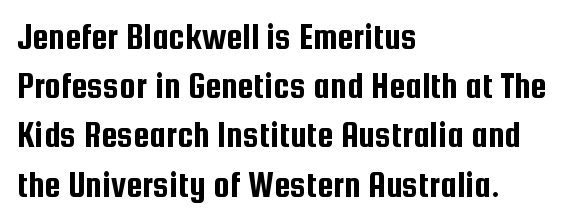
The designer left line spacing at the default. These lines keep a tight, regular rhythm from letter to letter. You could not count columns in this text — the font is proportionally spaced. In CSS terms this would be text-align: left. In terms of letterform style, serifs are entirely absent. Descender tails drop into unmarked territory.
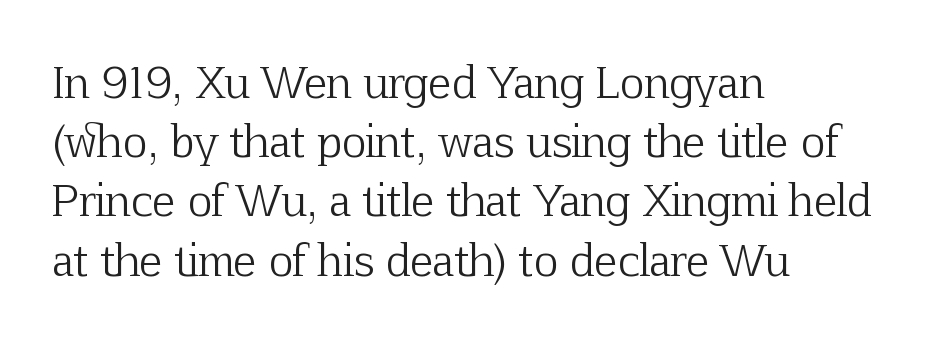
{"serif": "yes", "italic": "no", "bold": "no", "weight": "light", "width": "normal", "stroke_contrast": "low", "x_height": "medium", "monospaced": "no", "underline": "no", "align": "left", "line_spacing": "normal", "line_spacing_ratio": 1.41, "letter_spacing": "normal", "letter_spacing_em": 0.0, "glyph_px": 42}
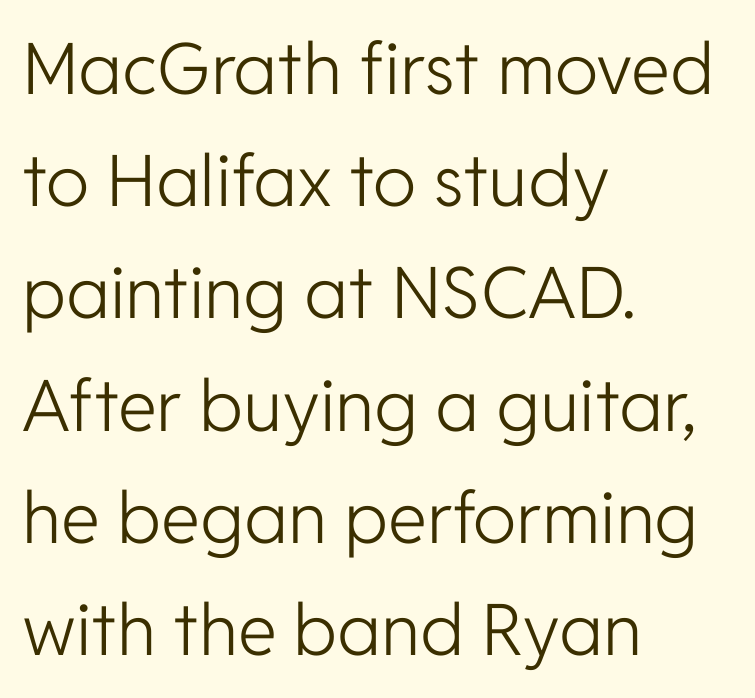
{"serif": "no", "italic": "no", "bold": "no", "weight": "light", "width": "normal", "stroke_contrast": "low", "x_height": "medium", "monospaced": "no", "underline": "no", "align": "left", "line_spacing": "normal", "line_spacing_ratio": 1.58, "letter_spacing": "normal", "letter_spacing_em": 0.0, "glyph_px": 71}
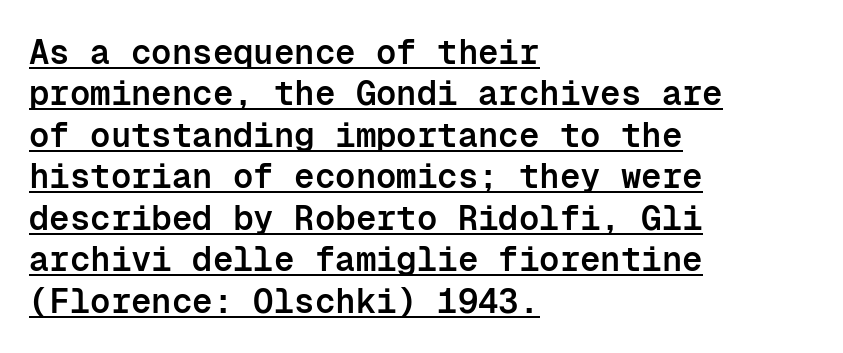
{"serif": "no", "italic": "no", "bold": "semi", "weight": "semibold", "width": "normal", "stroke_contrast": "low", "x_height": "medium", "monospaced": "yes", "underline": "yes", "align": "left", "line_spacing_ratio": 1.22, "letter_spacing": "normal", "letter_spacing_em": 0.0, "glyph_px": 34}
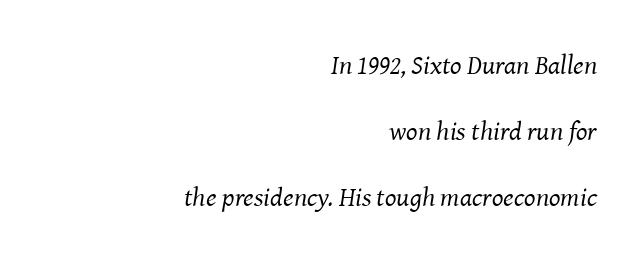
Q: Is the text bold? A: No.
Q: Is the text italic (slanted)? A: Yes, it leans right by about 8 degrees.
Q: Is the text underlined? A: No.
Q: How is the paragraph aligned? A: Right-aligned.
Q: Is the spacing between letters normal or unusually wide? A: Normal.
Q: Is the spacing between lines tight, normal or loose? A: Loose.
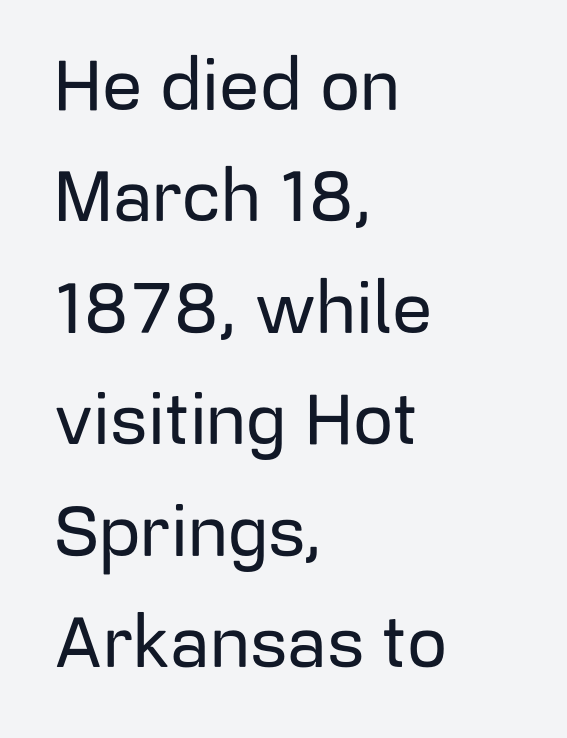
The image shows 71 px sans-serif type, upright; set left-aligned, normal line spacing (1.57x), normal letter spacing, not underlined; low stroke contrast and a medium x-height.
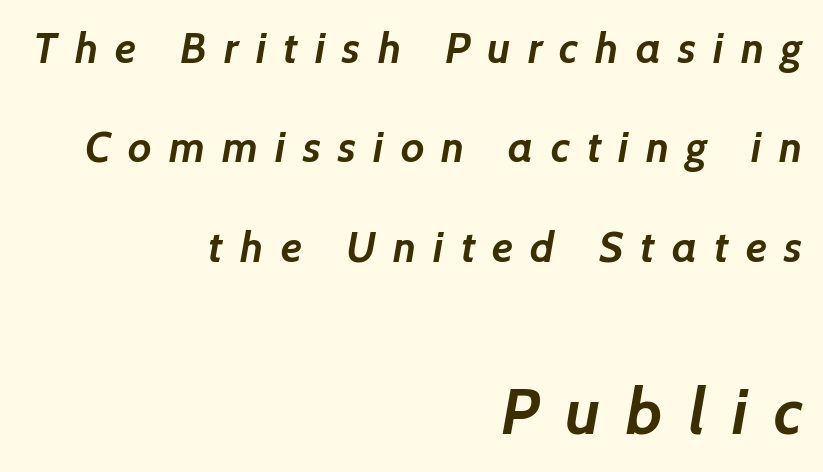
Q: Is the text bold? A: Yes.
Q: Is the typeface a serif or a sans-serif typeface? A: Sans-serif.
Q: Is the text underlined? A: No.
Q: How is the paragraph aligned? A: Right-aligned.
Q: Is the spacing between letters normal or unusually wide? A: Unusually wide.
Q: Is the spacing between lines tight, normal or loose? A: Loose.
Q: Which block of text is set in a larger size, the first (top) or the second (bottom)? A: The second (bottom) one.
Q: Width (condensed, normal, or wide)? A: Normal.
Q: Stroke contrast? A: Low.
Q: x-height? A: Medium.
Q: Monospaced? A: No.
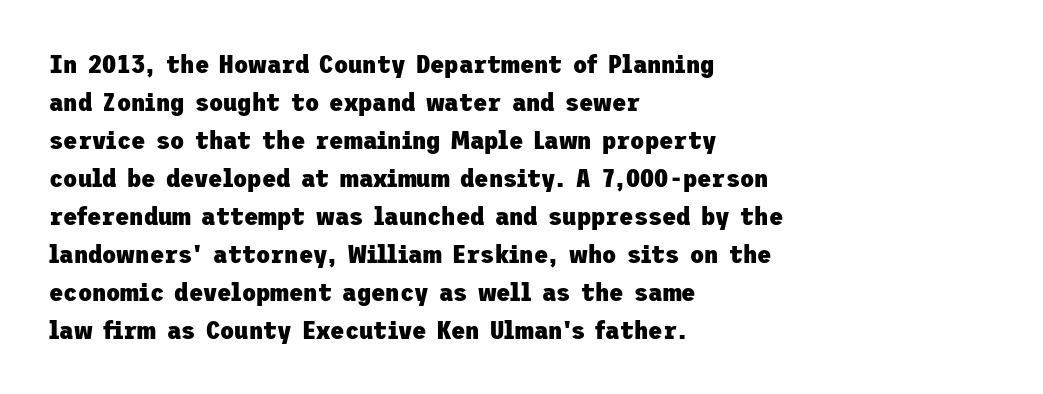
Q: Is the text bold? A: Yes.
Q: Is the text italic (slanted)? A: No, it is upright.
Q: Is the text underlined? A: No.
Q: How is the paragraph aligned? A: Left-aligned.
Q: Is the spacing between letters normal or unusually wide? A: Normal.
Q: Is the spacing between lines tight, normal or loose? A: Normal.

-*-

Assignment ::
Please copy the data shown above word for word, omitting the pictures.

Output for this task ::
The designer left line spacing at the default. These lines keep a tight, regular rhythm from letter to letter. You could not count columns in this text — the font is proportionally spaced. In CSS terms this would be text-align: left. In terms of letterform style, serifs are entirely absent. Descender tails drop into unmarked territory.
{"serif": "yes", "italic": "no", "bold": "no", "weight": "light", "width": "normal", "stroke_contrast": "low", "x_height": "medium", "monospaced": "no", "underline": "no", "align": "left", "line_spacing": "normal", "line_spacing_ratio": 1.41, "letter_spacing": "normal", "letter_spacing_em": 0.0, "glyph_px": 42}
{"serif": "no", "italic": "no", "bold": "no", "weight": "light", "width": "normal", "stroke_contrast": "low", "x_height": "medium", "monospaced": "no", "underline": "no", "align": "left", "line_spacing": "normal", "line_spacing_ratio": 1.58, "letter_spacing": "normal", "letter_spacing_em": 0.0, "glyph_px": 71}
{"serif": "no", "italic": "no", "bold": "semi", "weight": "semibold", "width": "normal", "stroke_contrast": "low", "x_height": "medium", "monospaced": "yes", "underline": "yes", "align": "left", "line_spacing_ratio": 1.22, "letter_spacing": "normal", "letter_spacing_em": 0.0, "glyph_px": 34}
Q: Is the text bold? A: No.
Q: Is the text italic (slanted)? A: Yes, it leans right by about 8 degrees.
Q: Is the text underlined? A: No.
Q: How is the paragraph aligned? A: Right-aligned.
Q: Is the spacing between letters normal or unusually wide? A: Normal.
Q: Is the spacing between lines tight, normal or loose? A: Loose.
The image shows 71 px sans-serif type, upright; set left-aligned, normal line spacing (1.57x), normal letter spacing, not underlined; low stroke contrast and a medium x-height.
Q: Is the text bold? A: Yes.
Q: Is the typeface a serif or a sans-serif typeface? A: Sans-serif.
Q: Is the text underlined? A: No.
Q: How is the paragraph aligned? A: Right-aligned.
Q: Is the spacing between letters normal or unusually wide? A: Unusually wide.
Q: Is the spacing between lines tight, normal or loose? A: Loose.
Q: Which block of text is set in a larger size, the first (top) or the second (bottom)? A: The second (bottom) one.
Q: Width (condensed, normal, or wide)? A: Normal.
Q: Stroke contrast? A: Low.
Q: x-height? A: Medium.
Q: Monospaced? A: No.
Q: Is the text bold? A: Yes.
Q: Is the text italic (slanted)? A: No, it is upright.
Q: Is the text underlined? A: No.
Q: How is the paragraph aligned? A: Left-aligned.
Q: Is the spacing between letters normal or unusually wide? A: Normal.
Q: Is the spacing between lines tight, normal or loose? A: Normal.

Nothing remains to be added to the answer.